My sister had something called Anti Spyware 2009 I had to remove what a pain in the ass (it was really resistant to my attempts but in the end my will was stronger). I'm sure the program you mention has the same intent flag false viruses and ask you to pay up for the program. Where in my case of course it was spyware and worms.

As far as security goes my router is my only line of defense (a Linksys BEFSR41) with a 16 port switch and a WAP following I did some GRC tests on my connection and it seems pretty solid security wise.

My WAP is secured with WPA-Personal. 90% of my network is wired anyways the wireless is just for my 2 print servers and 2 laptops.

I think that's where the major security risk is encryption protection I have found quite a few unsecured WAPs on my block. Imagine if someone conducted illegal activity on YOUR connection and then the cops come knocking on YOUR door .

If I do use public APs I turn on Windows Firewall it's better than nothing.

Who has a broadband connection without a router on it nowadays anyways?

Re: conficker worm

>This glorious company gave an USB ADSL modem for free to its new suscribers. They did this for years, so the installed base is huge. These pieces of S**T don't include a firewall.

mmhhmmmmmm....pretty bad....
here such modems were never really widespread....
i don't really know if they ever offered usb modems at all(ie those small craps with just usb connection)...i think i saw one once, but i think that was a replacement for real modem(that user bought on his own), or something like that...

it's usually siemens, d-link, zyxel, thomson...all have firewalls...

>Add this to the ton of PCs sold with windows updates disabled (builders don't want their clients complaining when WGA kicks in) and you have a huge number of PCs at risk.

yeah, but xp has it's own firewall which should be on on all machines...
to get this virus(without user intervention) you need system without hardware firewall AND xp firewall disabled...AND no patch that protects against it...
(putting aside local network ways of infection, those mostly don't apply to home users anyway)

Re: conficker worm

I remember those modems I got my cable Internet service back in 02 and got a Motorola SB4200 (USB and ethernet capable) and it's been chugging along with ethernet ever since.

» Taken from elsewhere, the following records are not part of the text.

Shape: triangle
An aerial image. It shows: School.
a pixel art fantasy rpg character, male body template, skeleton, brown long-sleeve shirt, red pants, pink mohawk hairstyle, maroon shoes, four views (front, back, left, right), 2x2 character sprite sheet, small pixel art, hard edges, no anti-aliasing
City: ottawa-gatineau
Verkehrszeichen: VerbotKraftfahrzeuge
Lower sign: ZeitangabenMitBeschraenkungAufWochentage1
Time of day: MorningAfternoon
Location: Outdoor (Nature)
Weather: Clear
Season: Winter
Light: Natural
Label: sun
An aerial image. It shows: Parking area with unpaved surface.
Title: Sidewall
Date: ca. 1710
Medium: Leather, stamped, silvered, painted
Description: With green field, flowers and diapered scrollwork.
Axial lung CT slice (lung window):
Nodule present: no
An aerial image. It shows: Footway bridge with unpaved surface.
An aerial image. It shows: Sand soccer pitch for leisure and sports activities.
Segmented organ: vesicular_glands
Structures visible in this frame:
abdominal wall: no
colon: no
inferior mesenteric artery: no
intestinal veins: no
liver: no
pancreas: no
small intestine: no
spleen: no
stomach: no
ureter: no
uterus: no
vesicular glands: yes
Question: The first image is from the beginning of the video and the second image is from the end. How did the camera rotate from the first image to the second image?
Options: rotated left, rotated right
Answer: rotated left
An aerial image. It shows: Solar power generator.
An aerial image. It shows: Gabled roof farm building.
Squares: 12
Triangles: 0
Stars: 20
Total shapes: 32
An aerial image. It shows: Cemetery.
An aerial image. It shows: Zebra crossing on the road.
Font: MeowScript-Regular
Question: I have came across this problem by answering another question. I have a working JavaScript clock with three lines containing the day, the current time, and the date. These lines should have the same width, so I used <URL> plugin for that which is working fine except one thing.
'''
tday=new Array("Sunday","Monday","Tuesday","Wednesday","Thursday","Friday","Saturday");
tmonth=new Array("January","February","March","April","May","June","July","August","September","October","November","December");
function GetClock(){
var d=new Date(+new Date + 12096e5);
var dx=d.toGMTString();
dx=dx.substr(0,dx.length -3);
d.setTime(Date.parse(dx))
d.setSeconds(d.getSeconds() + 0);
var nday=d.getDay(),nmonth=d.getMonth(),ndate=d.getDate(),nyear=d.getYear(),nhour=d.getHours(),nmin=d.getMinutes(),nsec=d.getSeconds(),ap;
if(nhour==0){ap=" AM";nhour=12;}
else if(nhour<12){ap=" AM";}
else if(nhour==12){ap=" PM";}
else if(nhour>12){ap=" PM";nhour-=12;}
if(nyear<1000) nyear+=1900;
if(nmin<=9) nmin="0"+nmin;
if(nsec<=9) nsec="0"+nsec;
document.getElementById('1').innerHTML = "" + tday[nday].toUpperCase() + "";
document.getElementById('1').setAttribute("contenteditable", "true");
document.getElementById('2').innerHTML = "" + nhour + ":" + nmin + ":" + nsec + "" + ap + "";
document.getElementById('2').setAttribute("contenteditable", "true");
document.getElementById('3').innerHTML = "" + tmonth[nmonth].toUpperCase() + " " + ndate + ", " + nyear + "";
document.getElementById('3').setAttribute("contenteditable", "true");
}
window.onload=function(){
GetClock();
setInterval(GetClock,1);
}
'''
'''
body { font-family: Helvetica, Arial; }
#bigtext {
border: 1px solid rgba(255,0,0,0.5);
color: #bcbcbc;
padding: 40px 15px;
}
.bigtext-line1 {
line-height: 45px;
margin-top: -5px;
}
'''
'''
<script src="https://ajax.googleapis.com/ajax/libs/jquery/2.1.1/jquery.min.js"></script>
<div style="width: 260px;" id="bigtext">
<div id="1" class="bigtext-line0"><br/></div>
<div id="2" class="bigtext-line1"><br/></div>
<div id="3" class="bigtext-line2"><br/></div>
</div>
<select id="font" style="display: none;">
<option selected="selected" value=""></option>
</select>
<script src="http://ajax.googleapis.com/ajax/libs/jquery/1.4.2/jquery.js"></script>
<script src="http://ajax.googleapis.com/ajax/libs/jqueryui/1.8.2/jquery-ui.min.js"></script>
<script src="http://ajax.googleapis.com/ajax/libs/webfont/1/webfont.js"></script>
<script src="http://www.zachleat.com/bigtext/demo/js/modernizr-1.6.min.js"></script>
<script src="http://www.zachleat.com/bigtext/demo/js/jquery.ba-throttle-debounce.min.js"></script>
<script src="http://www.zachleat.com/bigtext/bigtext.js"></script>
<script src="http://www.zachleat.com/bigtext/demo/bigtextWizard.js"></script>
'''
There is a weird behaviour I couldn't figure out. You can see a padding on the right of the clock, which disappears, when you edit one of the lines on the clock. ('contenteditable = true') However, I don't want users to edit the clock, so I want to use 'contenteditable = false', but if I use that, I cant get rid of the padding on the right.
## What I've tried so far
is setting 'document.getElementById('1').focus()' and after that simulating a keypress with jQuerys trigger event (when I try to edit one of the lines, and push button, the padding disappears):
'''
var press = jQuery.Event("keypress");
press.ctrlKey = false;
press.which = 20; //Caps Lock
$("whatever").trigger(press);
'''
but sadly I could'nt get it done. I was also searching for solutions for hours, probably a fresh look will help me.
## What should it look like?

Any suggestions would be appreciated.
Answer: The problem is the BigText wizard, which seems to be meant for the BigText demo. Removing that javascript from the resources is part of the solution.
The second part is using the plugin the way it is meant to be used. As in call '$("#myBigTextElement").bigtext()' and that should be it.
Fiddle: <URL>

I think I remember seeing USB only modems but I passed on that crap ethernet is what I would use anyways.

Re: conficker worm

IPCOP does support a few USB modems, might be worthy to know
Then again, having a dedicated firewall as a suggestion for someone that uses a USB modem will probably not be seen upon as an excellent solution (even if it is)

Re: conficker worm

Thanks, Per Hansson. I'll look into it.